Interview with Will Patching, author of The Hangman

09 May 2018

What can you tell us about your new release, The Hangman?

The Hangman is the final explosive ‘standalone’ thriller in The Hack Trilogy, continuing the overarching concept that runs through each of these three tales:

The abuse of power and privilege by our pampered elites and the impact their evil misdeeds have on others less fortunate.

Throughout this mini-series we follow the adventures of ex-CIA assassin, Doug Hunter, a man with particular skills. This time he’s up against unelected officials on both sides of the Atlantic who are determined to provoke an illegal war with Iran. While Doug is attempting to defy death and prevent slaughter in the Middle East, the other hero of the trilogy, his pregnant lover, journalist Kate O’Sullivan, gets caught up in the worst terror attack ever carried out on British soil – a gruesome chemical weapon that kills hundreds of innocents.

Although the manuscript was drafted long before the Skripal poisonings, when the word ‘Novichok’ entered the British lexicon, The Hangman reflects such current world events in a way that I hope will prompt the reader to question the official narratives our leaders and media promote. Featuring conniving politicians, devious spooks, fanatical jihadis, vicious mercenaries, corrupt officials and more, my aim was to create a gripping international crime thriller full of evil deeds and selfless heroism while giving the reader something to think about.
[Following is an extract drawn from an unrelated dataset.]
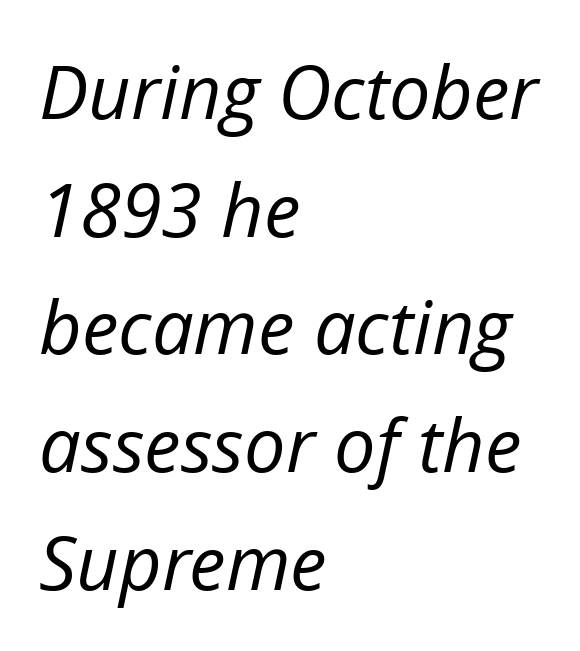
{"italic": "yes", "lean": "right", "slant_degrees": 12, "bold": "no", "weight": "regular", "width": "normal", "stroke_contrast": "low", "x_height": "medium", "monospaced": "no", "underline": "no", "align": "left", "line_spacing": "normal", "line_spacing_ratio": 1.59, "letter_spacing": "normal", "letter_spacing_em": 0.0, "glyph_px": 74}
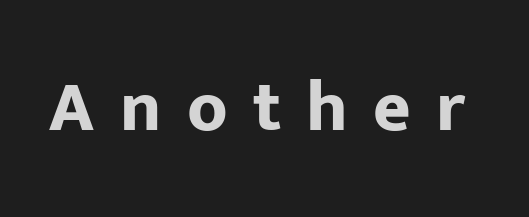
The image shows 72 px bold sans-serif type, upright; set unusually wide letter spacing (+0.35 em), not underlined; low stroke contrast and a medium x-height.

According to early feedback, it seems ‘The Hangman’ has hit the spot. I would never compare my writing to any other author but I will admit I was delighted when professional editor, James Jones of Proof-EDGB, said this about my latest thriller:

“Fantastic book… Now I will be going back to a Jack Reacher novel I’m reading. It has lost some of its appeal after reading The Hangman.”
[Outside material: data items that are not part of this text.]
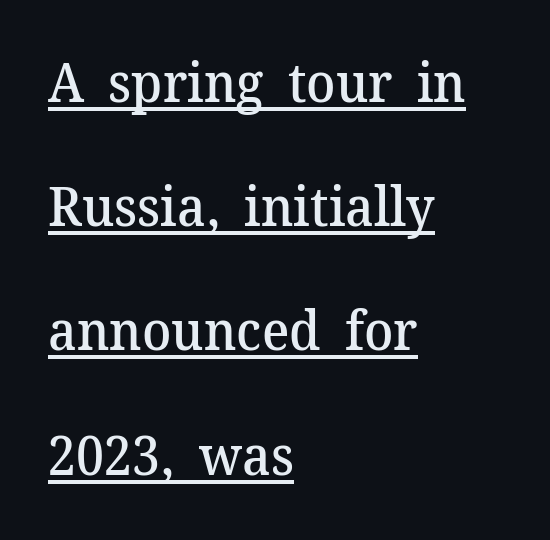
{"serif": "yes", "italic": "no", "bold": "semi", "weight": "semibold", "width": "normal", "stroke_contrast": "medium", "x_height": "medium", "monospaced": "no", "underline": "yes", "align": "left", "line_spacing": "loose", "line_spacing_ratio": 2.3, "letter_spacing": "normal", "letter_spacing_em": 0.0, "glyph_px": 54}
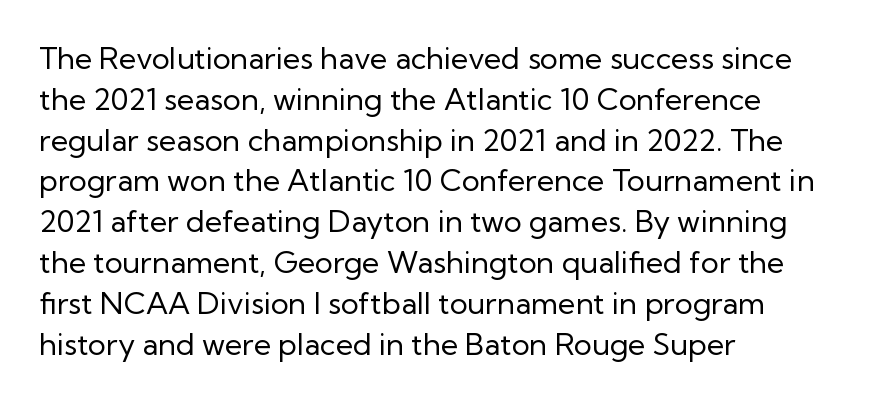
The image shows 30 px regular-weight sans-serif type, upright; set left-aligned, normal line spacing (1.36x), normal letter spacing, not underlined; low stroke contrast and a medium x-height.
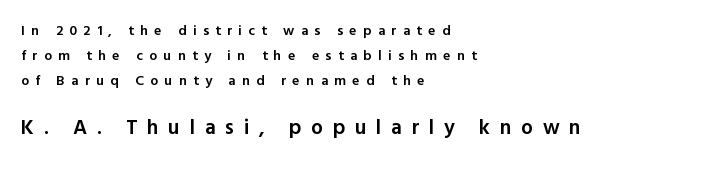
{"italic": "no", "bold": "semi", "underline": "no", "align": "left", "line_spacing_ratio": 1.8, "letter_spacing": "wide", "letter_spacing_em": 0.46, "larger_block": "second", "size_ratio": 1.5, "glyph_px": 21}

I’m really looking forward to hearing what other readers think – I welcome feedback, and try to reply to everyone who contacts me with comments.

What or who inspired you to become an author?

At the age of fourteen or fifteen I won first prize in a tri-county writing competition. It was just some boring stuff about banking, but as a teenager you think you can do anything and after winning that contest I arrogantly believed I could write a thriller as good as any I’d read.


My precocious but pathetic first attempt died a death at several thousand words, and I’m pretty sure they’re still buried in an attic somewhere in the UK. Best place for ’em, I reckon.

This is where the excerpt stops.